**Data**:

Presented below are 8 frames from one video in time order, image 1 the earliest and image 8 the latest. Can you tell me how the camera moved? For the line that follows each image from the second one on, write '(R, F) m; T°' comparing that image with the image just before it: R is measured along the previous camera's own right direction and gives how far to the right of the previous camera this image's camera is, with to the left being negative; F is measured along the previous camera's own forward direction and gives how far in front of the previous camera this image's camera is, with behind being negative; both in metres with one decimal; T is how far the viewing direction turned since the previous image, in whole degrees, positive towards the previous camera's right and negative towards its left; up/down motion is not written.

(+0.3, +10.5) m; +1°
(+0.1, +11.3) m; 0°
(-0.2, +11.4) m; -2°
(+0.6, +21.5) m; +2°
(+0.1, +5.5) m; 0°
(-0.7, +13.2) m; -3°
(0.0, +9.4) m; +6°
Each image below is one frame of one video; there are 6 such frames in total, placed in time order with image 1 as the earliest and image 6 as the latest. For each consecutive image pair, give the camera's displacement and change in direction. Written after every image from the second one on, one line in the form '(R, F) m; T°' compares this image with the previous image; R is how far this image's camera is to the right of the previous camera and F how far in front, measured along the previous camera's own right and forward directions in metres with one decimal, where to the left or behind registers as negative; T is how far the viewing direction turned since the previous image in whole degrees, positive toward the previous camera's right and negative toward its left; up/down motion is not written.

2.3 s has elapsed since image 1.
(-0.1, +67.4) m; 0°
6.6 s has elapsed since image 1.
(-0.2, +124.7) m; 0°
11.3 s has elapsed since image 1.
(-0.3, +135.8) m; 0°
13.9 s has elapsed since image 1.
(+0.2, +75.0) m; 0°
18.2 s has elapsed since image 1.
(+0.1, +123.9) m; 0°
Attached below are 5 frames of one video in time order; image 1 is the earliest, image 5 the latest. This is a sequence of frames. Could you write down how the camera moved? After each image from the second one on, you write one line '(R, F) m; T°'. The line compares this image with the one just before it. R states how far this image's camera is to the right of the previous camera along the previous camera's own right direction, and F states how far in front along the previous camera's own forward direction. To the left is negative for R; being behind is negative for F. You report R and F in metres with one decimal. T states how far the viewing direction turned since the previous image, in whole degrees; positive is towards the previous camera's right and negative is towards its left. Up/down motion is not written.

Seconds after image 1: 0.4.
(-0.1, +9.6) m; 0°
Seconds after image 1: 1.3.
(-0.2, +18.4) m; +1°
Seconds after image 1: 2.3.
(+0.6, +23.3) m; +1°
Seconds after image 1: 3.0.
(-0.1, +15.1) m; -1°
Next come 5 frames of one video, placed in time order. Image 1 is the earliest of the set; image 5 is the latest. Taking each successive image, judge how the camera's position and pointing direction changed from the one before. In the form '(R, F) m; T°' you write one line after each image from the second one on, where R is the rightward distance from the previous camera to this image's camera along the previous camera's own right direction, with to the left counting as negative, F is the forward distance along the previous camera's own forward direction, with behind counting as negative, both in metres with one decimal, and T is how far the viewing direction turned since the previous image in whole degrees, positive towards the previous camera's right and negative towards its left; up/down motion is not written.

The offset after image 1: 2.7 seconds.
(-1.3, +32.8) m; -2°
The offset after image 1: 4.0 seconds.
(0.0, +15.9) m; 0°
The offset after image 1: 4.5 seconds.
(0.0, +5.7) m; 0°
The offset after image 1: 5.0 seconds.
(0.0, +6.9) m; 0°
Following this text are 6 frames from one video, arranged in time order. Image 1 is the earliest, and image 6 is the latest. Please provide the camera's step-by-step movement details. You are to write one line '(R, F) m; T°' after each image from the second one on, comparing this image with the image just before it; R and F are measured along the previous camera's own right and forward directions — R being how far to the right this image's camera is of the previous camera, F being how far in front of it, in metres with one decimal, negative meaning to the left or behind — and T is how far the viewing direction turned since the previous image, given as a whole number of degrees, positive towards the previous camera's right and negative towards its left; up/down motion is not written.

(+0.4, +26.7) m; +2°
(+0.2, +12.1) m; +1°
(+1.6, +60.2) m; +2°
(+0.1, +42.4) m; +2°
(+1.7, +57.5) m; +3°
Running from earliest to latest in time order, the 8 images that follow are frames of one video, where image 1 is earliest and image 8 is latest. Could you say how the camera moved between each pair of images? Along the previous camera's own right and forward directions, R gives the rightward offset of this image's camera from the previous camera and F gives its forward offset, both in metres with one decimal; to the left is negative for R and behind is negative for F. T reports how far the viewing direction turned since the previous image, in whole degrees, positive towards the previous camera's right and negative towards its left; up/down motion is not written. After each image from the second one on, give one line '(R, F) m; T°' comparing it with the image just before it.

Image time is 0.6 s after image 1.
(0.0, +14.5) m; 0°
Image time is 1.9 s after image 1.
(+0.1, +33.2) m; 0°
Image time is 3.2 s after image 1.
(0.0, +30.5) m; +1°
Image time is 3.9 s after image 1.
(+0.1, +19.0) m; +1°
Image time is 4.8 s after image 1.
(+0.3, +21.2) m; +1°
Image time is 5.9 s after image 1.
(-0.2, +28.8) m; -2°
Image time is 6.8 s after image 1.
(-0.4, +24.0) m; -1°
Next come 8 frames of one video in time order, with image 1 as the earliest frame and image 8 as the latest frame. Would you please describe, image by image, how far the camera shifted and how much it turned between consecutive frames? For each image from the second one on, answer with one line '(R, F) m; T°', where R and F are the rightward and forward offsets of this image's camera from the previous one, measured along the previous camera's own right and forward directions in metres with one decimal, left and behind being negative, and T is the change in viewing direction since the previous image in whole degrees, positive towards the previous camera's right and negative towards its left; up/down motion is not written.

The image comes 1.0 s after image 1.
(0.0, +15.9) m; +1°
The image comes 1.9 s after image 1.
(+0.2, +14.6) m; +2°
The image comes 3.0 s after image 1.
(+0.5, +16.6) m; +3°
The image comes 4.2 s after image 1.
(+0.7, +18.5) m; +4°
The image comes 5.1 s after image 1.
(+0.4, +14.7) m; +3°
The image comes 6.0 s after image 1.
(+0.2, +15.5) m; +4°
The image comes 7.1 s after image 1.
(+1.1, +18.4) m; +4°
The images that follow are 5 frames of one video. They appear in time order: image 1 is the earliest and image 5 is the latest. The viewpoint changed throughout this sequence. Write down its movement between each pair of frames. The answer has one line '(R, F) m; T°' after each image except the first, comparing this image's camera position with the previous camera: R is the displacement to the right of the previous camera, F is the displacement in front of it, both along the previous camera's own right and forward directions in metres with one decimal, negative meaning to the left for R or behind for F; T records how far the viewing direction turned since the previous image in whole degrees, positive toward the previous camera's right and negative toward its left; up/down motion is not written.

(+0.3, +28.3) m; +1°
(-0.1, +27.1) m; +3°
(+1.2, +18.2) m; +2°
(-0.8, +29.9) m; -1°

**Work task**:
Output every record above exactly as it was given.

**Response**:
Presented below are 8 frames from one video in time order, image 1 the earliest and image 8 the latest. Can you tell me how the camera moved? For the line that follows each image from the second one on, write '(R, F) m; T°' comparing that image with the image just before it: R is measured along the previous camera's own right direction and gives how far to the right of the previous camera this image's camera is, with to the left being negative; F is measured along the previous camera's own forward direction and gives how far in front of the previous camera this image's camera is, with behind being negative; both in metres with one decimal; T is how far the viewing direction turned since the previous image, in whole degrees, positive towards the previous camera's right and negative towards its left; up/down motion is not written.

(+0.3, +10.5) m; +1°
(+0.1, +11.3) m; 0°
(-0.2, +11.4) m; -2°
(+0.6, +21.5) m; +2°
(+0.1, +5.5) m; 0°
(-0.7, +13.2) m; -3°
(0.0, +9.4) m; +6°
Each image below is one frame of one video; there are 6 such frames in total, placed in time order with image 1 as the earliest and image 6 as the latest. For each consecutive image pair, give the camera's displacement and change in direction. Written after every image from the second one on, one line in the form '(R, F) m; T°' compares this image with the previous image; R is how far this image's camera is to the right of the previous camera and F how far in front, measured along the previous camera's own right and forward directions in metres with one decimal, where to the left or behind registers as negative; T is how far the viewing direction turned since the previous image in whole degrees, positive toward the previous camera's right and negative toward its left; up/down motion is not written.

2.3 s has elapsed since image 1.
(-0.1, +67.4) m; 0°
6.6 s has elapsed since image 1.
(-0.2, +124.7) m; 0°
11.3 s has elapsed since image 1.
(-0.3, +135.8) m; 0°
13.9 s has elapsed since image 1.
(+0.2, +75.0) m; 0°
18.2 s has elapsed since image 1.
(+0.1, +123.9) m; 0°
Attached below are 5 frames of one video in time order; image 1 is the earliest, image 5 the latest. This is a sequence of frames. Could you write down how the camera moved? After each image from the second one on, you write one line '(R, F) m; T°'. The line compares this image with the one just before it. R states how far this image's camera is to the right of the previous camera along the previous camera's own right direction, and F states how far in front along the previous camera's own forward direction. To the left is negative for R; being behind is negative for F. You report R and F in metres with one decimal. T states how far the viewing direction turned since the previous image, in whole degrees; positive is towards the previous camera's right and negative is towards its left. Up/down motion is not written.

Seconds after image 1: 0.4.
(-0.1, +9.6) m; 0°
Seconds after image 1: 1.3.
(-0.2, +18.4) m; +1°
Seconds after image 1: 2.3.
(+0.6, +23.3) m; +1°
Seconds after image 1: 3.0.
(-0.1, +15.1) m; -1°
Next come 5 frames of one video, placed in time order. Image 1 is the earliest of the set; image 5 is the latest. Taking each successive image, judge how the camera's position and pointing direction changed from the one before. In the form '(R, F) m; T°' you write one line after each image from the second one on, where R is the rightward distance from the previous camera to this image's camera along the previous camera's own right direction, with to the left counting as negative, F is the forward distance along the previous camera's own forward direction, with behind counting as negative, both in metres with one decimal, and T is how far the viewing direction turned since the previous image in whole degrees, positive towards the previous camera's right and negative towards its left; up/down motion is not written.

The offset after image 1: 2.7 seconds.
(-1.3, +32.8) m; -2°
The offset after image 1: 4.0 seconds.
(0.0, +15.9) m; 0°
The offset after image 1: 4.5 seconds.
(0.0, +5.7) m; 0°
The offset after image 1: 5.0 seconds.
(0.0, +6.9) m; 0°
Following this text are 6 frames from one video, arranged in time order. Image 1 is the earliest, and image 6 is the latest. Please provide the camera's step-by-step movement details. You are to write one line '(R, F) m; T°' after each image from the second one on, comparing this image with the image just before it; R and F are measured along the previous camera's own right and forward directions — R being how far to the right this image's camera is of the previous camera, F being how far in front of it, in metres with one decimal, negative meaning to the left or behind — and T is how far the viewing direction turned since the previous image, given as a whole number of degrees, positive towards the previous camera's right and negative towards its left; up/down motion is not written.

(+0.4, +26.7) m; +2°
(+0.2, +12.1) m; +1°
(+1.6, +60.2) m; +2°
(+0.1, +42.4) m; +2°
(+1.7, +57.5) m; +3°
Running from earliest to latest in time order, the 8 images that follow are frames of one video, where image 1 is earliest and image 8 is latest. Could you say how the camera moved between each pair of images? Along the previous camera's own right and forward directions, R gives the rightward offset of this image's camera from the previous camera and F gives its forward offset, both in metres with one decimal; to the left is negative for R and behind is negative for F. T reports how far the viewing direction turned since the previous image, in whole degrees, positive towards the previous camera's right and negative towards its left; up/down motion is not written. After each image from the second one on, give one line '(R, F) m; T°' comparing it with the image just before it.

Image time is 0.6 s after image 1.
(0.0, +14.5) m; 0°
Image time is 1.9 s after image 1.
(+0.1, +33.2) m; 0°
Image time is 3.2 s after image 1.
(0.0, +30.5) m; +1°
Image time is 3.9 s after image 1.
(+0.1, +19.0) m; +1°
Image time is 4.8 s after image 1.
(+0.3, +21.2) m; +1°
Image time is 5.9 s after image 1.
(-0.2, +28.8) m; -2°
Image time is 6.8 s after image 1.
(-0.4, +24.0) m; -1°
Next come 8 frames of one video in time order, with image 1 as the earliest frame and image 8 as the latest frame. Would you please describe, image by image, how far the camera shifted and how much it turned between consecutive frames? For each image from the second one on, answer with one line '(R, F) m; T°', where R and F are the rightward and forward offsets of this image's camera from the previous one, measured along the previous camera's own right and forward directions in metres with one decimal, left and behind being negative, and T is the change in viewing direction since the previous image in whole degrees, positive towards the previous camera's right and negative towards its left; up/down motion is not written.

The image comes 1.0 s after image 1.
(0.0, +15.9) m; +1°
The image comes 1.9 s after image 1.
(+0.2, +14.6) m; +2°
The image comes 3.0 s after image 1.
(+0.5, +16.6) m; +3°
The image comes 4.2 s after image 1.
(+0.7, +18.5) m; +4°
The image comes 5.1 s after image 1.
(+0.4, +14.7) m; +3°
The image comes 6.0 s after image 1.
(+0.2, +15.5) m; +4°
The image comes 7.1 s after image 1.
(+1.1, +18.4) m; +4°
The images that follow are 5 frames of one video. They appear in time order: image 1 is the earliest and image 5 is the latest. The viewpoint changed throughout this sequence. Write down its movement between each pair of frames. The answer has one line '(R, F) m; T°' after each image except the first, comparing this image's camera position with the previous camera: R is the displacement to the right of the previous camera, F is the displacement in front of it, both along the previous camera's own right and forward directions in metres with one decimal, negative meaning to the left for R or behind for F; T records how far the viewing direction turned since the previous image in whole degrees, positive toward the previous camera's right and negative toward its left; up/down motion is not written.

(+0.3, +28.3) m; +1°
(-0.1, +27.1) m; +3°
(+1.2, +18.2) m; +2°
(-0.8, +29.9) m; -1°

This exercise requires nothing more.